As a public company, we are required to provide an annual management report on the effectiveness of our internal control over financial reporting. Our independent registered public accounting firm is not required to audit the effectiveness of our internal control over financial reporting until after we are no longer an “emerging growth company” as defined in the JOBS Act. At such time, our independent registered public accounting firm may issue a report that is adverse in the event it is not satisfied with the level at which our internal control over financial reporting is documented, designed or operating.
Any failure to maintain effective disclosure controls and internal control over financial reporting could have a material and adverse effect on our business and operating results, and cause a decline in the market price of our common stock.
Future sales and issuances of our securities or rights to purchase our securities, including pursuant to our Securities Purchase Agreement and the related Rights, equity incentive plan and outstanding warrants could result in additional dilution of the percentage ownership of our stockholders and could cause our stock price to fall.
We expect that significant additional capital may be needed in the future to continue our planned operations, including acquiring additional online businesses, marketing activities and costs associated with operating a public company. To raise capital, we may sell common stock, series A preferred stock, convertible securities or other equity securities in one or more transactions at prices and in a manner we determine from time to time. If we sell common stock, series A preferred stock, convertible securities or other equity securities, existing stockholders may be materially diluted by subsequent sales, and new investors could gain rights, preferences and privileges senior to the holders of our existing securities. The aggregate number of shares of our common stock that may be issued pursuant to stock awards under our 2020 Equity Incentive Plan, as amended, (the “ 2020 Plan ”) is 2,600,000 shares, except at any given time, the number of shares that may be issued pursuant to the 2020 Plan cannot exceed the number of shares that is equal to 20% of our Company’s total shares of common stock outstanding at the time of any grant of awards under the 2020 Plan.

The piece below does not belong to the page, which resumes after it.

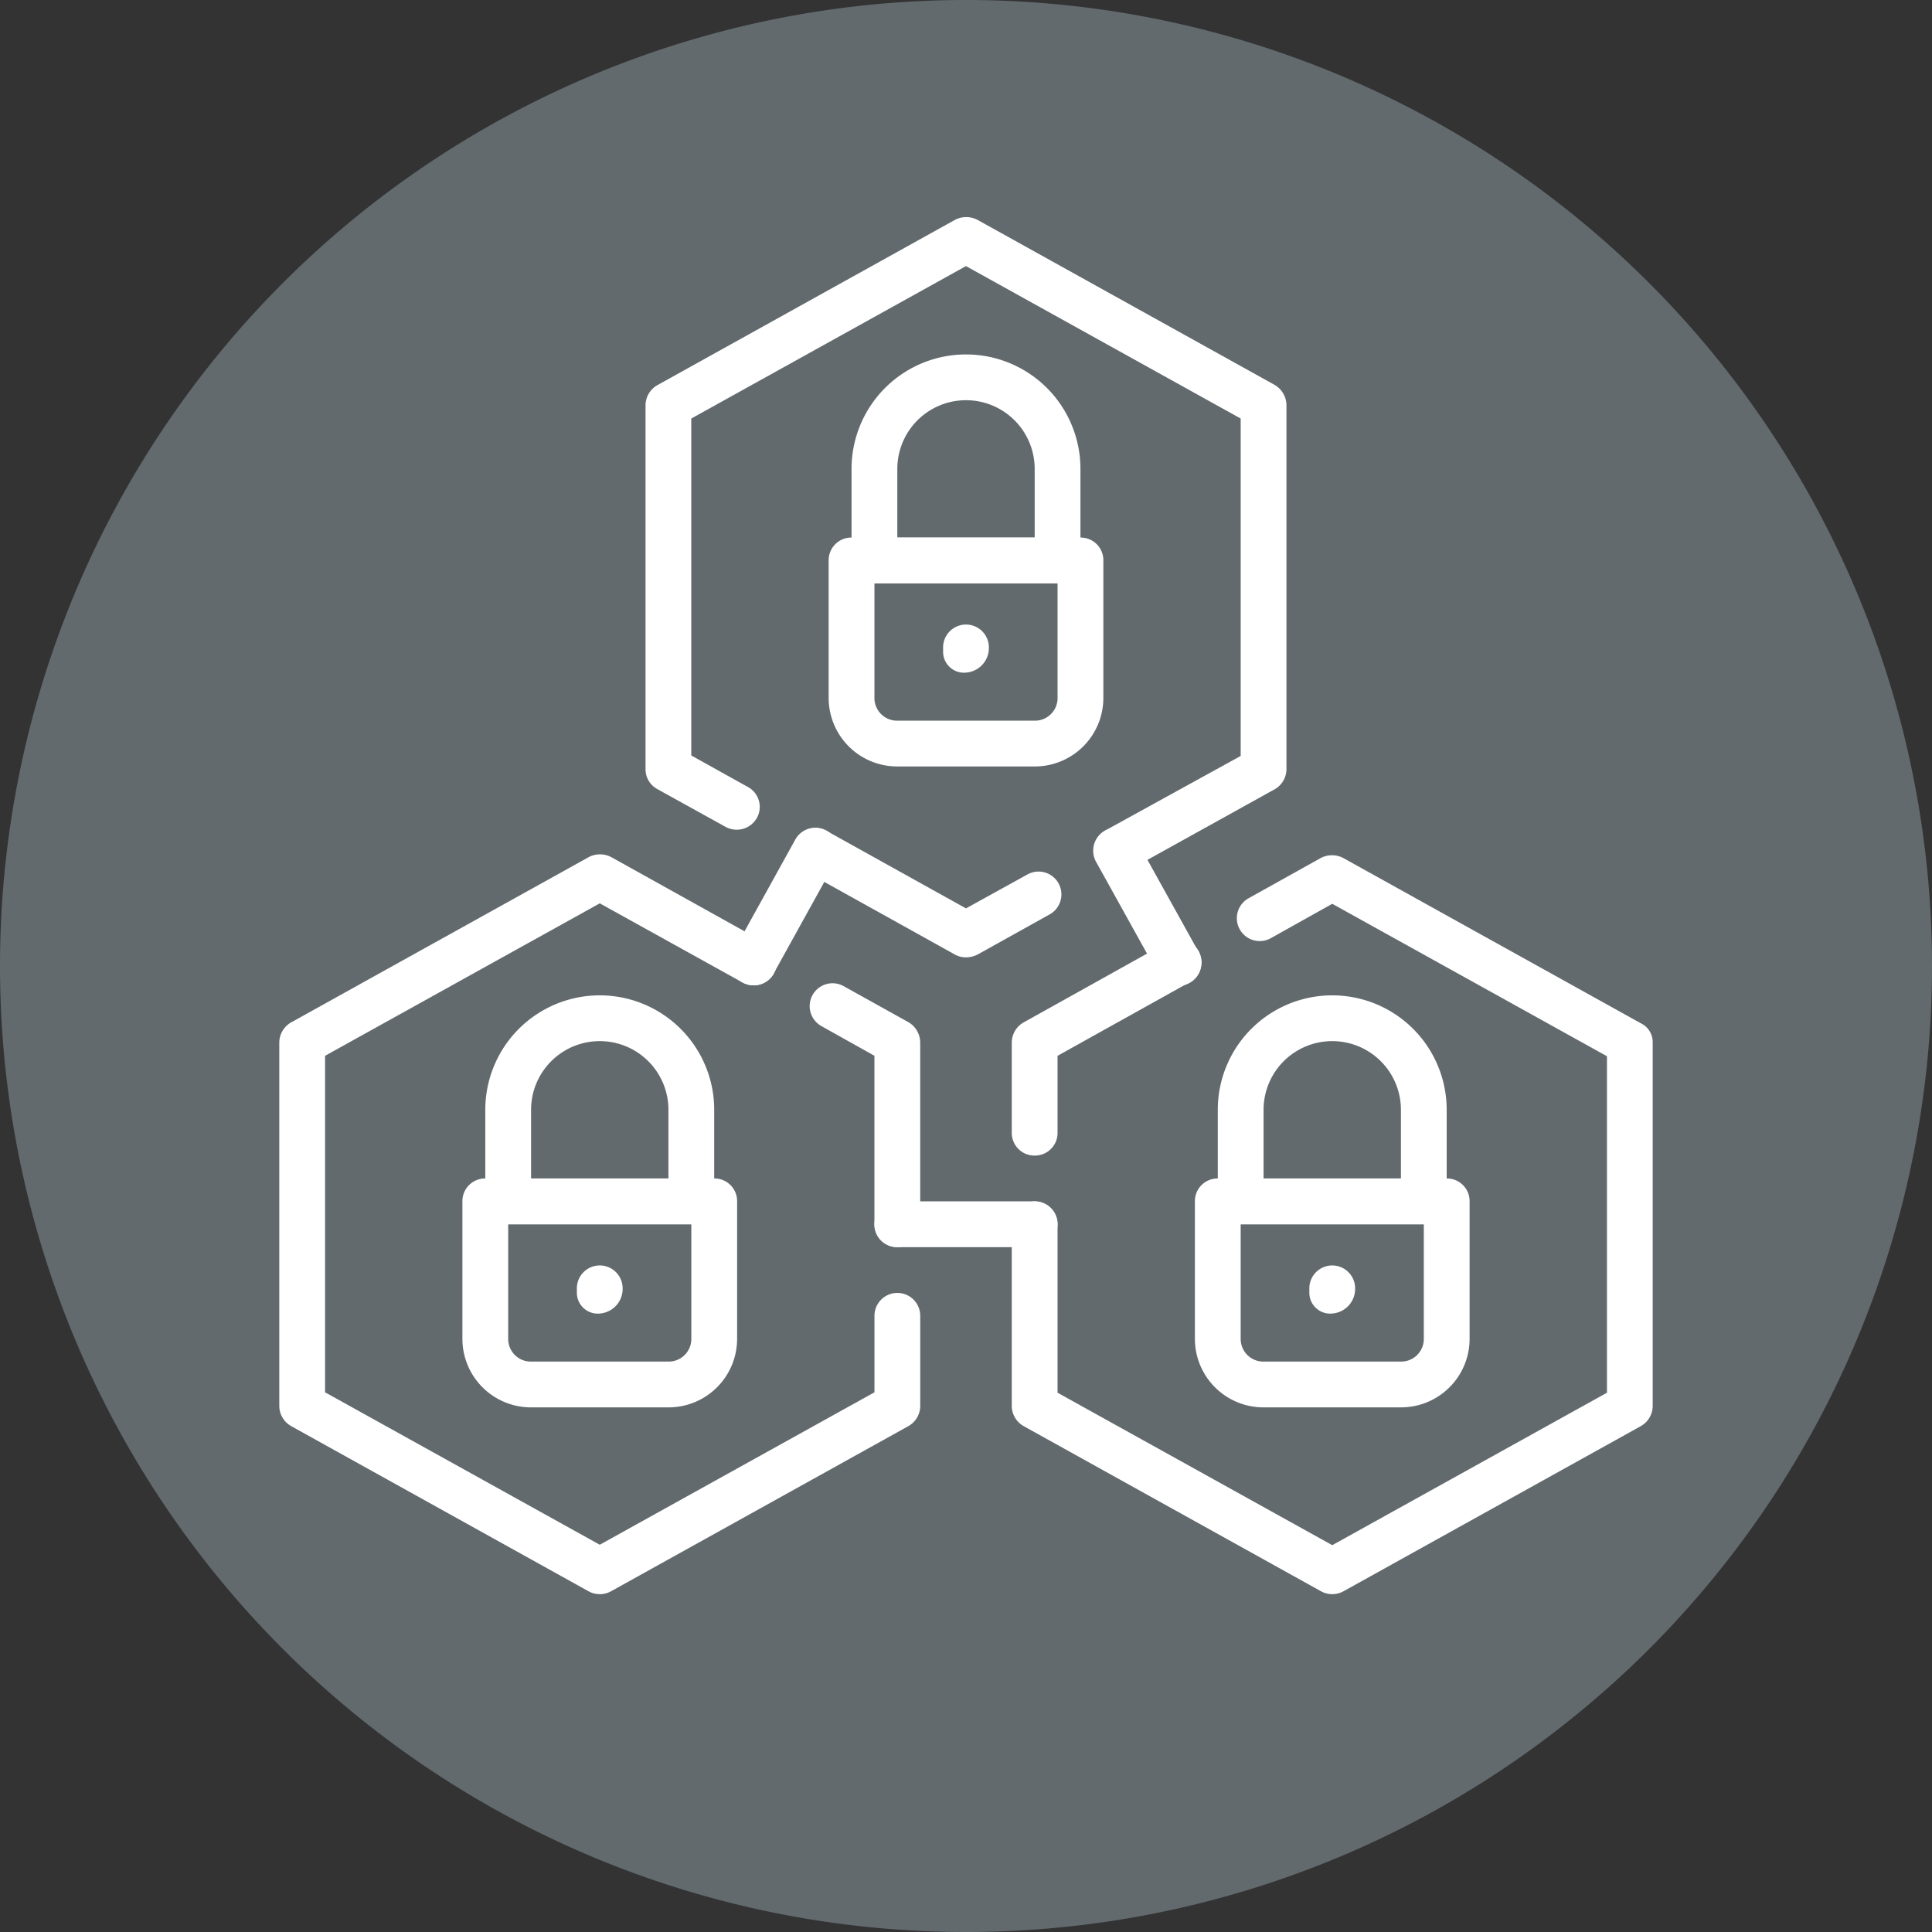 <svg xmlns="http://www.w3.org/2000/svg" xmlns:xlink="http://www.w3.org/1999/xlink" width="256" height="256" viewBox="0 0 256 256"><rect x="0" y="0" width="256" height="256" fill="#333333" stroke="none"/><defs><clipPath id="b"><rect width="256" height="256"/></clipPath></defs><g id="a" clip-path="url(#b)"><path d="M0,128A128,128,0,1,1,128,256,128,128,0,0,1,0,128Z" transform="translate(0 0)" fill="#626a6e" fill-rule="evenodd"/><g transform="translate(37.008 28.768)"><g transform="translate(0 0)"><g transform="translate(107.845 80.911)"><path d="M30.071,35.276A2.967,2.967,0,0,1,27.4,33.7l-8.25-14.862a3.04,3.04,0,0,1,5.338-2.912l8.25,14.862a3.018,3.018,0,0,1-1.213,4.125A2.882,2.882,0,0,1,30.071,35.276Z" transform="translate(-18.778 -14.338)" fill="#fff"/></g><g transform="translate(78.859 130.419)"><path d="M35.231,28.566h-18.2a3.033,3.033,0,1,1,0-6.066h18.2a3.033,3.033,0,1,1,0,6.066Z" transform="translate(-14 -22.5)" fill="#fff"/></g><g transform="translate(59.814 80.923)"><path d="M13.891,35.2a3.028,3.028,0,0,1-2.669-4.489l8.189-14.8a3.04,3.04,0,0,1,5.338,2.912l-8.189,14.8A2.967,2.967,0,0,1,13.891,35.2Z" transform="translate(-10.86 -14.34)" fill="#fff"/></g><g transform="translate(48.529)"><path d="M71.42,87.986a3.054,3.054,0,0,1-1.517-5.7L87.859,72.4V27.69l-36.4-20.2-36.4,20.2V72.336l7.522,4.186a3,3,0,0,1,1.153,4.125A3.066,3.066,0,0,1,19.616,81.8l-9.1-5.035A2.984,2.984,0,0,1,9,74.156V25.931a3.086,3.086,0,0,1,1.577-2.669l39.43-21.9a3.216,3.216,0,0,1,2.972,0l39.43,21.9a3.16,3.16,0,0,1,1.517,2.669V74.156a3.086,3.086,0,0,1-1.577,2.669l-19.472,10.8a3.048,3.048,0,0,1-1.456.364Z" transform="translate(-9 -1)" fill="#fff"/></g><g transform="translate(68.023 80.942)"><path d="M35.182,31.488a3.048,3.048,0,0,1-1.456-.364l-19.957-11.1a3.028,3.028,0,1,1,2.972-5.277L35.182,25l8.129-4.489a3.028,3.028,0,1,1,2.972,5.277L36.7,31.124a3.478,3.478,0,0,1-1.517.364Z" transform="translate(-12.214 -14.344)" fill="#fff"/></g><g transform="translate(97.057 95.71)"><path d="M20.033,45.421A3,3,0,0,1,17,42.388V30.438a3.086,3.086,0,0,1,1.577-2.669L37.625,17.154A3.028,3.028,0,1,1,40.6,22.431L23.066,32.2V42.388a3,3,0,0,1-3.033,3.033Z" transform="translate(-17 -16.778)" fill="#fff"/></g><g transform="translate(97.057 84.56)"><path d="M59.463,112.845a3.048,3.048,0,0,1-1.456-.364l-39.43-21.9A3.086,3.086,0,0,1,17,87.914V63.832a3.033,3.033,0,0,1,6.066,0V86.155l36.4,20.2,36.4-20.2V41.57l-36.4-20.2-8.129,4.549a3.028,3.028,0,1,1-2.972-5.277L57.946,15.3a3.216,3.216,0,0,1,2.972,0l39.43,21.9a2.764,2.764,0,0,1,1.577,2.548V87.914a3.086,3.086,0,0,1-1.577,2.669l-39.43,21.9A3.048,3.048,0,0,1,59.463,112.845Z" transform="translate(-17 -14.94)" fill="#fff"/></g><g transform="translate(70.267 101.506)"><path d="M24.208,52.712a3,3,0,0,1-3.033-3.033V27.357l-7.037-3.943a3.028,3.028,0,1,1,2.972-5.277l8.614,4.792A3.16,3.16,0,0,1,27.242,25.6V49.679a3,3,0,0,1-3.033,3.033Z" transform="translate(-12.584 -17.734)" fill="#fff"/></g><g transform="translate(0 84.439)"><path d="M43.463,112.946a3.048,3.048,0,0,1-1.456-.364l-39.43-21.9A3.086,3.086,0,0,1,1,88.015V39.851a3.086,3.086,0,0,1,1.577-2.669l39.43-21.9a3.216,3.216,0,0,1,2.972,0L65.361,26.627a3,3,0,0,1,1.153,4.125A3.066,3.066,0,0,1,62.389,31.9L43.463,21.411l-36.4,20.2V86.2l36.4,20.2,36.4-20.2V76.065a3.033,3.033,0,0,1,6.066,0v11.95a3.086,3.086,0,0,1-1.577,2.669l-39.43,21.9a3.048,3.048,0,0,1-1.456.364Z" transform="translate(-1 -14.92)" fill="#fff"/></g><g transform="translate(75.826 18.198)"><path d="M40.8,34.33H16.533A3,3,0,0,1,13.5,31.3V19.165a15.165,15.165,0,0,1,30.33,0V31.3A3,3,0,0,1,40.8,34.33ZM19.566,28.264h18.2v-9.1a9.1,9.1,0,0,0-18.2,0Z" transform="translate(-13.5 -4)" fill="#fff"/></g><g transform="translate(27.297 103.122)"><path d="M32.8,48.33H8.533A3,3,0,0,1,5.5,45.3V33.165a15.165,15.165,0,0,1,30.33,0V45.3A3,3,0,0,1,32.8,48.33ZM11.566,42.264h18.2v-9.1a9.1,9.1,0,0,0-18.2,0Z" transform="translate(-5.5 -18)" fill="#fff"/></g><g transform="translate(72.793 42.462)"><path d="M40.3,38.33H22.1a9.087,9.087,0,0,1-9.1-9.1v-18.2A3,3,0,0,1,16.033,8h30.33A3,3,0,0,1,49.4,11.033v18.2A9.087,9.087,0,0,1,40.3,38.33ZM19.066,14.066V29.231A3,3,0,0,0,22.1,32.264H40.3a3,3,0,0,0,3.033-3.033V14.066Z" transform="translate(-13 -8)" fill="#fff"/></g><g transform="translate(24.264 127.386)"><path d="M32.3,52.33H14.1a9.087,9.087,0,0,1-9.1-9.1v-18.2A3,3,0,0,1,8.033,22h30.33A3,3,0,0,1,41.4,25.033v18.2A9.087,9.087,0,0,1,32.3,52.33ZM11.066,28.066V43.231A3,3,0,0,0,14.1,46.264H32.3a3,3,0,0,0,3.033-3.033V28.066Z" transform="translate(-5 -22)" fill="#fff"/></g><g transform="translate(121.322 127.386)"><path d="M48.3,52.33H30.1a9.087,9.087,0,0,1-9.1-9.1v-18.2A3,3,0,0,1,24.033,22h30.33A3,3,0,0,1,57.4,25.033v18.2A9.087,9.087,0,0,1,48.3,52.33ZM27.066,28.066V43.231A3,3,0,0,0,30.1,46.264H48.3a3,3,0,0,0,3.033-3.033V28.066Z" transform="translate(-21 -22)" fill="#fff"/></g><g transform="translate(124.355 103.122)"><path d="M48.8,48.33H24.533A3,3,0,0,1,21.5,45.3V33.165a15.165,15.165,0,0,1,30.33,0V45.3A3,3,0,0,1,48.8,48.33ZM27.566,42.264h18.2v-9.1a9.1,9.1,0,0,0-18.2,0Z" transform="translate(-21.5 -18)" fill="#fff"/></g><g transform="translate(87.958 53.987)"><g transform="translate(0 0)"><path d="M18.533,16.269A2.763,2.763,0,0,1,15.5,13.54v-.607a3.033,3.033,0,0,1,6.066,0A3.274,3.274,0,0,1,18.533,16.269Z" transform="translate(-15.5 -9.9)" fill="#fff"/></g></g><g transform="translate(39.43 138.911)"><path d="M10.533,30.269A2.763,2.763,0,0,1,7.5,27.54v-.607a3.033,3.033,0,0,1,6.066,0,3.274,3.274,0,0,1-3.033,3.336Z" transform="translate(-7.5 -23.9)" fill="#fff"/></g><g transform="translate(136.487 138.911)"><path d="M26.533,30.269A2.763,2.763,0,0,1,23.5,27.54v-.607a3.033,3.033,0,0,1,6.066,0,3.274,3.274,0,0,1-3.033,3.336Z" transform="translate(-23.5 -23.9)" fill="#fff"/></g></g></g></g></svg>

Pursuant to the Securities Purchase Agreement and the related Rights, if we elect to sell all $300,000,000 of the Senior Secured Notes pursuant to the Securities Purchase Agreement, assuming a default premium of 20% and the Floor Price of $0.22, we may issue up to 1,636,363,636 additional shares of common stock upon the conversion, exercise or settlement of the securities issued thereunder plus the number of shares derived by multiplying (x) the value (as determined in accordance with the Rights) of the cryptocurrency and/or Digital Assets purchased by the Company, from and after November 17, 2025, by (y) 20%, in accordance with the terms of the Securities Purchase Agreement. Because the conversion price and the Floor Price of the Senior Secured Notes and the conversion price of the Rights may be adjusted, the number of shares of common stock that will actually be issued may be more or less than the 1,636,363,636+ additional shares of common stock described above. To date, we have sold an aggregate principal amount of $6,000,000 in Senior Secured Notes. Increases in the number of shares available for future grant or purchase may result in additional dilution, which could cause our stock price to decline.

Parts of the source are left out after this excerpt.